Data to process:

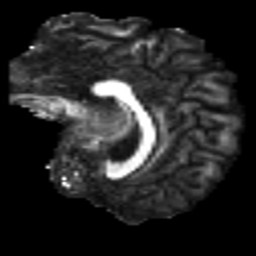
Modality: FA
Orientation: sagittal
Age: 24
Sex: female
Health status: healthy
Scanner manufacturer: philips
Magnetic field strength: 3 T
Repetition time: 4.374 s
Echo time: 0.09797 s
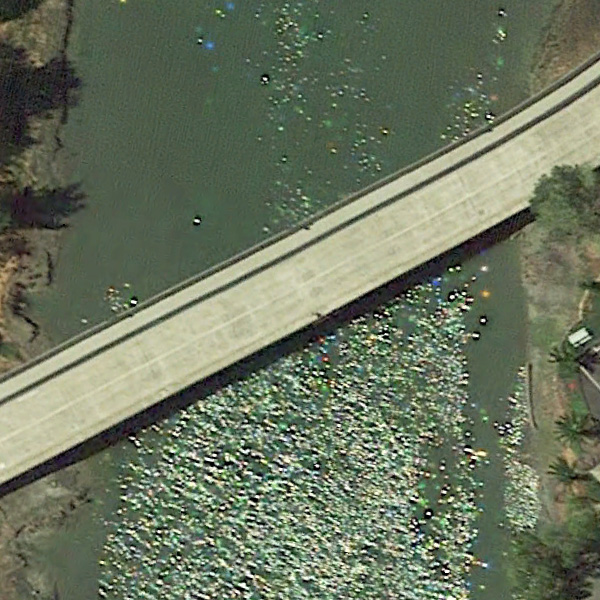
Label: Bridge
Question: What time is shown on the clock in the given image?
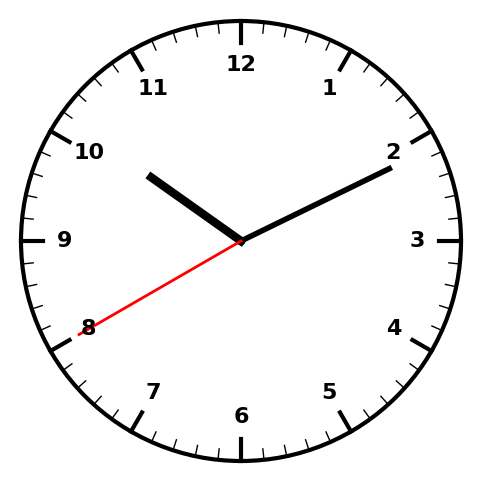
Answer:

What is expected: Quote every record above exactly, omitting any pictures they contain.

Expected output:
Modality: FA
Orientation: sagittal
Age: 24
Sex: female
Health status: healthy
Scanner manufacturer: philips
Magnetic field strength: 3 T
Repetition time: 4.374 s
Echo time: 0.09797 s
Label: Bridge
Question: What time is shown on the clock in the given image?
Answer:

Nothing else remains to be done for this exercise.